Currently Intel’s quad core implementation relies on it having two Core 2 dies on a single package. It can easily pull this off because it doesn’t integrate the memory controller into the CPU. This allows more cores to be added as needed.
However, this creates an inherent performance problem, since both die are only connected only through the CPU front side bus (FSB). Sending data from core one to three means that it has to be sent out of the CPU to the northbridge and then back again creating a massive additional latency and reducing the bandwidth available for memory access.
Discussion between cores one and two or three and four is okay, because they are on the same piece of silicon, but still 50% of the time there’s a latency problem.
AMD may have stubbornly held out and waited on a native quad core design, but its designs are also limited by the fact the additional complexity of the integrated memory controller means you can’t just throw in another couple of cores. It requires specific optimisation for multi-core as well as redesigning the core silicon, a process that isn't quick.
AMD has designed the CPU so it has an ‘Internal System Request Queue Crossbar’ which allows each core to talk to each other, access memory or connect to other CPUs through HyperTransport.

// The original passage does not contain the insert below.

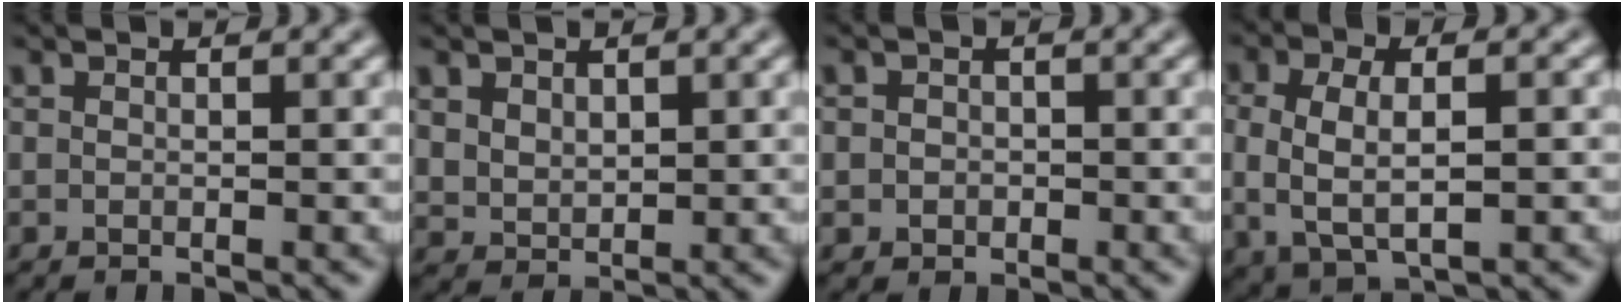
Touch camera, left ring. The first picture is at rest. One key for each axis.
{"total": 2.1, "fx": 1.0, "fy": 1.5, "fz": 1.0, "tx": -0.027, "ty": -0.007, "tz": 0.025}
{"total": 1.4, "fx": -0.2, "fy": 1.3, "fz": 0.4, "tx": 0.006, "ty": -0.005, "tz": -0.005}
{"total": 5.2, "fx": -0.5, "fy": 2.7, "fz": 4.4, "tx": -0.094, "ty": -0.005, "tz": -0.004}

In this way, the cores don’t have to worry about the limitation of FSB bandwidth to talk to other CPUs, other cores or memory.
Previously, with dual core having two dies per one CPU was not much of a problem, but as you scale up and add cores the FSB bandwidth is subject to a greater division and the environment becomes bottlenecked very quickly. This is partly the reason why Intel has moved to using FB-DIMMs in the server environment which already has hit this multi-core/multi-CPU problem. The Core architecture may need less memory bandwidth than the Pentium's NetBurst architecture, but It also wants to move to DDR3 as soon as possible since it provides even more bandwidth to compensate for the additional cores.
In contrast, AMD doesn't have the same problem so scaling by adding more cores works far better with HyperTransport, as each discrete CPU has its own memory to access. Ironically, AMD even has better memory performance even than Intel using DDR3 because of its integrated controller, although four cores now suffer longer queues for access. In this respect AMD has increased the native DDR2 speed support from 800MHz to 1066MHz, to help alleviate this issue.
128-bit SSE with dedicated 36-bit floating point scheduler.
AMD has updated its SSE engine and committed a start-to-finish 128-bit SSE execution. Instruction fetch and L1 data cache bandwidth get upgrades to 128-bit to match the L2 cache and northbridge bandwidth. In comparison, Intel’s current quad core Clovertown only has a 64-bit instruction fetch and L1 data cache bandwidth which means Intel has to do twice as many clock cycles as AMD, for the same amount of work in this instance.
There is also an updated 36-bit dedicated floating point operation scheduler, compared to Intel’s 32-bit shared integer and floating point operation scheduler. The heaviness of SSE requirement in the executing program will determine how much this affects performance.
Like Intel’s Penryn, AMD's quad core Opterons and Phenom will include the latest SSE multimedia instructions, so programs like of DivX 6.22 that support it will be accelerated.